* [What the exercise asks]: Quote exactly and only this range of lines in the data below: the line that holds "#3865 = EDGE_CURVE" to the line that holds "#7866 = DIRECTION", both included.

* [Excerpts from a dataset]:
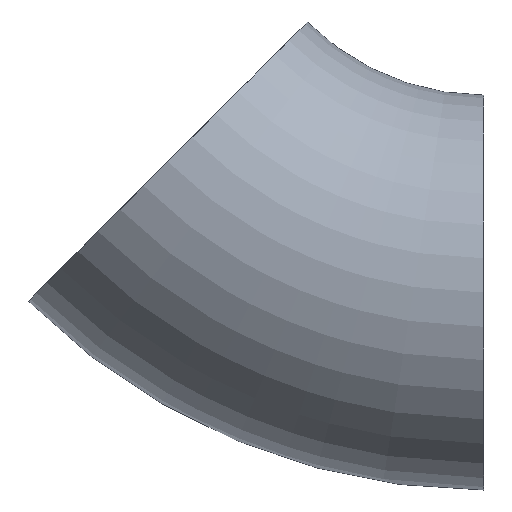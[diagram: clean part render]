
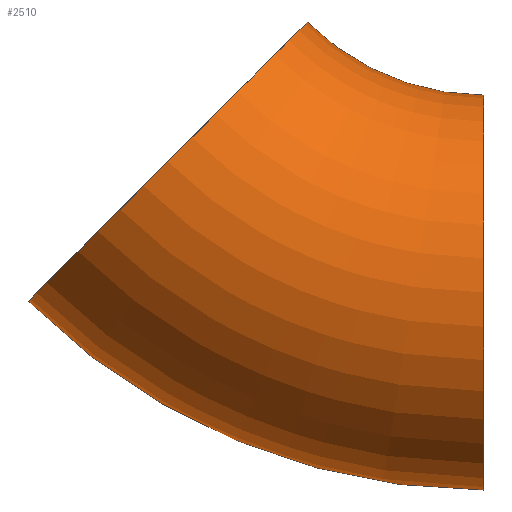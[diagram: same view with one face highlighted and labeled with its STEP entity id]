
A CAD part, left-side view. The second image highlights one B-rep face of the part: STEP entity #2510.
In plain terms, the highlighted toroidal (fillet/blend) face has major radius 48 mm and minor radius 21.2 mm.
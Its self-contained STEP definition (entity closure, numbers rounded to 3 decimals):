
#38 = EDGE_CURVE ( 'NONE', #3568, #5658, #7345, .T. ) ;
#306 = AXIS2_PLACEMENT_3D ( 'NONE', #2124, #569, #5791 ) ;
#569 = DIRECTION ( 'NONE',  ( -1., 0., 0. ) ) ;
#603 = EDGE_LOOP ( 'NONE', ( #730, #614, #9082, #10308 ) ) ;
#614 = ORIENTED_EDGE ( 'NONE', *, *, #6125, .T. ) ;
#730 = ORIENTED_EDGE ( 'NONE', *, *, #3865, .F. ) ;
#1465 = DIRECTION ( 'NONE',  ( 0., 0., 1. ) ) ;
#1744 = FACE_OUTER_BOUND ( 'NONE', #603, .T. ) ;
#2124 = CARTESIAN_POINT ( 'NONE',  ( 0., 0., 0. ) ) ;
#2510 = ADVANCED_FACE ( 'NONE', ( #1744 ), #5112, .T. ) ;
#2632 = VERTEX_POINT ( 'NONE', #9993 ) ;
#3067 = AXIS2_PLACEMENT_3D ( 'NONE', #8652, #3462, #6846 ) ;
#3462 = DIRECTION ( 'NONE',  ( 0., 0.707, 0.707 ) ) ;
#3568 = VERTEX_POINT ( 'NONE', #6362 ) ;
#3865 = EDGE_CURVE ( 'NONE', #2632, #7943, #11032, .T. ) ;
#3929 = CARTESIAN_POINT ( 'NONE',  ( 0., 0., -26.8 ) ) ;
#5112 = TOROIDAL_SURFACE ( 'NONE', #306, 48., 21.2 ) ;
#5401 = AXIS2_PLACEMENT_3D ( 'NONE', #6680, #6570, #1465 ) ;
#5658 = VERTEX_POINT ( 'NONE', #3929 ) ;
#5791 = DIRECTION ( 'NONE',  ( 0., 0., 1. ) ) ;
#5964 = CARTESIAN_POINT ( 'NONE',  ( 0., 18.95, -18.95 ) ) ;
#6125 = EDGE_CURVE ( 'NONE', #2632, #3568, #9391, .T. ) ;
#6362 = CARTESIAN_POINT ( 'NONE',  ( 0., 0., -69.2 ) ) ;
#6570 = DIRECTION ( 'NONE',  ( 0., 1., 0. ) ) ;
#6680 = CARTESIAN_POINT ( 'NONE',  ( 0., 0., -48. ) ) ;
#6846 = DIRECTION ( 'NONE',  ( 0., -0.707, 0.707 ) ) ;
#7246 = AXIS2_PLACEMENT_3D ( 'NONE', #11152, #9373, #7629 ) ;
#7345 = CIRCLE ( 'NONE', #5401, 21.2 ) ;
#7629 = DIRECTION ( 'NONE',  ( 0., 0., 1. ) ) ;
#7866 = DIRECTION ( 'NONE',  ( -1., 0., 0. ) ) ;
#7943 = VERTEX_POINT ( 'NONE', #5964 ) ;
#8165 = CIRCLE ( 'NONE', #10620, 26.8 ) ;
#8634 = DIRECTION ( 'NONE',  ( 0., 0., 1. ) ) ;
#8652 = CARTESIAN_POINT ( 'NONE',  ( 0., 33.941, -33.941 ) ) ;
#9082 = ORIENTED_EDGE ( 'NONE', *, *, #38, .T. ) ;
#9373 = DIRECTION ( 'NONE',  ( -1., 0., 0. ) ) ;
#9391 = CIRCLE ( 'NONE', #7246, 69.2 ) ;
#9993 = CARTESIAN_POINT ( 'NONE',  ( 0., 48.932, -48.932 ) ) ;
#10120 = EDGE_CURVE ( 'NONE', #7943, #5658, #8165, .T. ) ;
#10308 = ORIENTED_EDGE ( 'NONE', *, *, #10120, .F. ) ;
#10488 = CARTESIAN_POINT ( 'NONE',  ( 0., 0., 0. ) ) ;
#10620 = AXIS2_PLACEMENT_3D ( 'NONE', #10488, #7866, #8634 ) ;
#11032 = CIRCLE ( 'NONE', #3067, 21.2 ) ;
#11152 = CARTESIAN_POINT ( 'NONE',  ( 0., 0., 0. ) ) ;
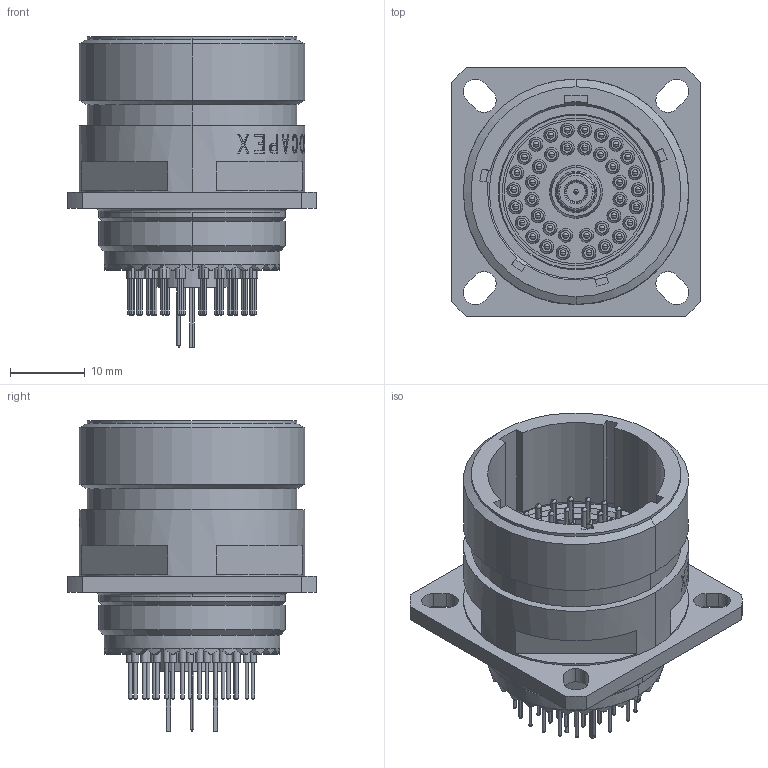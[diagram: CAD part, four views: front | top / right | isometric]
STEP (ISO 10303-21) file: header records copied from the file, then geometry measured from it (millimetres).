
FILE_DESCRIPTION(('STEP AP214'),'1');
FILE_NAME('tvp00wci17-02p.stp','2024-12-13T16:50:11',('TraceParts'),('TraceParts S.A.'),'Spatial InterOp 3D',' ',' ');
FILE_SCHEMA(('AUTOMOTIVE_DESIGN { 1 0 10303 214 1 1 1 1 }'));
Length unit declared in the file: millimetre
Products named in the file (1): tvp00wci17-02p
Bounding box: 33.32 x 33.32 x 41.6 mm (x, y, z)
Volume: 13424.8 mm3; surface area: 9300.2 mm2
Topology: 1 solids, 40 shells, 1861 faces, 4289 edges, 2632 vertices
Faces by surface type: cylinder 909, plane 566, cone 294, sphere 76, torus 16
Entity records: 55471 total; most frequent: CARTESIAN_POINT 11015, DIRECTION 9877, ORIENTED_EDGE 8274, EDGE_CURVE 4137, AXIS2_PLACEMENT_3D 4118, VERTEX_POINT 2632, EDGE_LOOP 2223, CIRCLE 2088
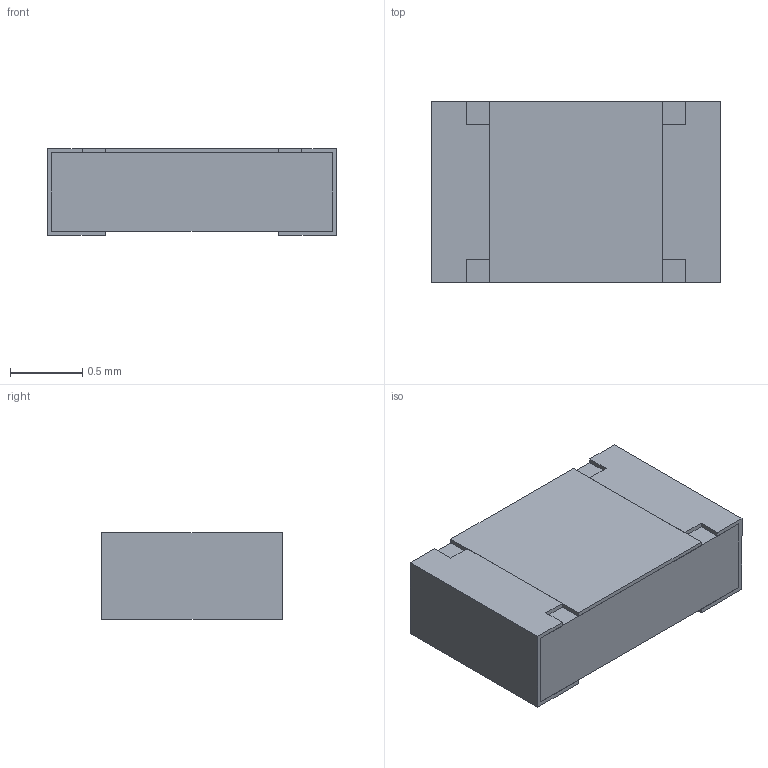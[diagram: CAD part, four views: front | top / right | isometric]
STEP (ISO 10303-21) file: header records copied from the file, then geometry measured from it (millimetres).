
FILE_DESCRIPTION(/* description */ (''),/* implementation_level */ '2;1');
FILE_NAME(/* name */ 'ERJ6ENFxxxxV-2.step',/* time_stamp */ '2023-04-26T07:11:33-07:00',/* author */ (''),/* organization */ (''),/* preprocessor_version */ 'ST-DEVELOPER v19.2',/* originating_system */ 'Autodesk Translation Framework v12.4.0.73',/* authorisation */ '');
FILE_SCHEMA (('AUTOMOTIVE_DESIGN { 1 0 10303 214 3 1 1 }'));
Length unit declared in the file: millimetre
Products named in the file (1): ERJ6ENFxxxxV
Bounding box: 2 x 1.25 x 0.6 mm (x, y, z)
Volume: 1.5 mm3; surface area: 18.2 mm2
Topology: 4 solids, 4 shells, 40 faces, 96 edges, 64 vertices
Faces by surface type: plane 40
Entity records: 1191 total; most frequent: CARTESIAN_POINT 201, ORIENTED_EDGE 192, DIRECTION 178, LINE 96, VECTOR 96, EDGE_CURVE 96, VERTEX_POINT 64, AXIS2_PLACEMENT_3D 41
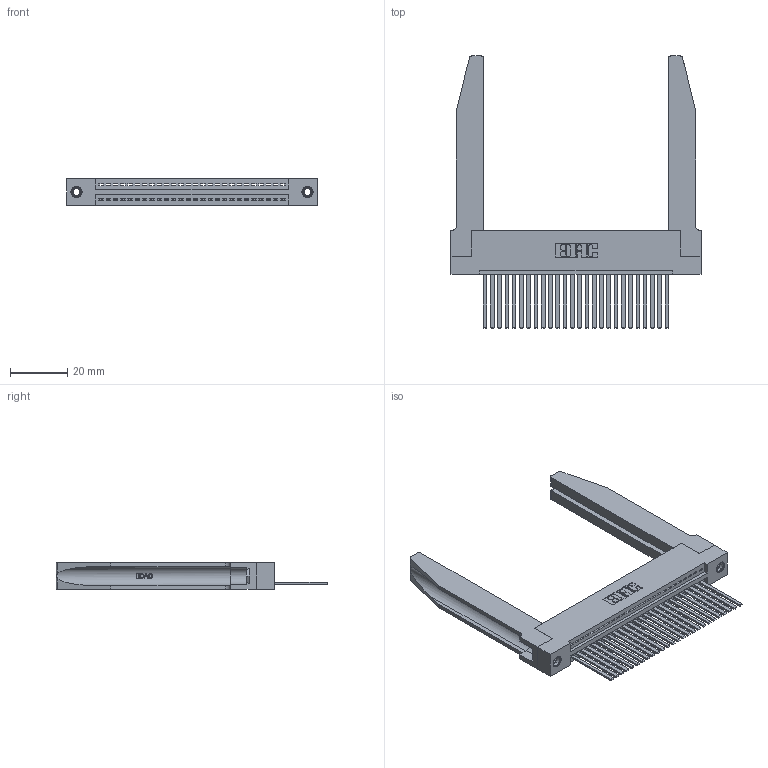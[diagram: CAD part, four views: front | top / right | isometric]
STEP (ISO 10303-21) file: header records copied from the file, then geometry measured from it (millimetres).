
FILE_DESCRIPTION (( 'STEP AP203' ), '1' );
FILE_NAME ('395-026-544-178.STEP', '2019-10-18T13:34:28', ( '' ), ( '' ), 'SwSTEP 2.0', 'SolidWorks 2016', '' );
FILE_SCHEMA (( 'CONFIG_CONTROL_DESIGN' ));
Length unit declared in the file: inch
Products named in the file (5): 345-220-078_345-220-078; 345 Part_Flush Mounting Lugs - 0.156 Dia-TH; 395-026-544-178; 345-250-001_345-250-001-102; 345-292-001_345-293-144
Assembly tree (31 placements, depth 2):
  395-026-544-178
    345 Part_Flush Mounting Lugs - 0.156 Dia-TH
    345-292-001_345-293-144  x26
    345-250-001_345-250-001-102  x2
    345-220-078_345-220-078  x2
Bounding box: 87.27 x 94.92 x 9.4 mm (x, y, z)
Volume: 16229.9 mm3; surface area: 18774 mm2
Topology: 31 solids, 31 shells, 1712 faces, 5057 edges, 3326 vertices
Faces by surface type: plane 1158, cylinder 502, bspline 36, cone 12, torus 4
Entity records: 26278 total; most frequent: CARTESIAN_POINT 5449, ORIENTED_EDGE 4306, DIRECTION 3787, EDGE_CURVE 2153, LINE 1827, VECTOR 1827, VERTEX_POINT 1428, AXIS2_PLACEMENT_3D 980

* [Solved exercise]:
#3865 = EDGE_CURVE ( 'NONE', #2632, #7943, #11032, .T. ) ;
#3929 = CARTESIAN_POINT ( 'NONE',  ( 0., 0., -26.8 ) ) ;
#5112 = TOROIDAL_SURFACE ( 'NONE', #306, 48., 21.2 ) ;
#5401 = AXIS2_PLACEMENT_3D ( 'NONE', #6680, #6570, #1465 ) ;
#5658 = VERTEX_POINT ( 'NONE', #3929 ) ;
#5791 = DIRECTION ( 'NONE',  ( 0., 0., 1. ) ) ;
#5964 = CARTESIAN_POINT ( 'NONE',  ( 0., 18.95, -18.95 ) ) ;
#6125 = EDGE_CURVE ( 'NONE', #2632, #3568, #9391, .T. ) ;
#6362 = CARTESIAN_POINT ( 'NONE',  ( 0., 0., -69.2 ) ) ;
#6570 = DIRECTION ( 'NONE',  ( 0., 1., 0. ) ) ;
#6680 = CARTESIAN_POINT ( 'NONE',  ( 0., 0., -48. ) ) ;
#6846 = DIRECTION ( 'NONE',  ( 0., -0.707, 0.707 ) ) ;
#7246 = AXIS2_PLACEMENT_3D ( 'NONE', #11152, #9373, #7629 ) ;
#7345 = CIRCLE ( 'NONE', #5401, 21.2 ) ;
#7629 = DIRECTION ( 'NONE',  ( 0., 0., 1. ) ) ;
#7866 = DIRECTION ( 'NONE',  ( -1., 0., 0. ) ) ;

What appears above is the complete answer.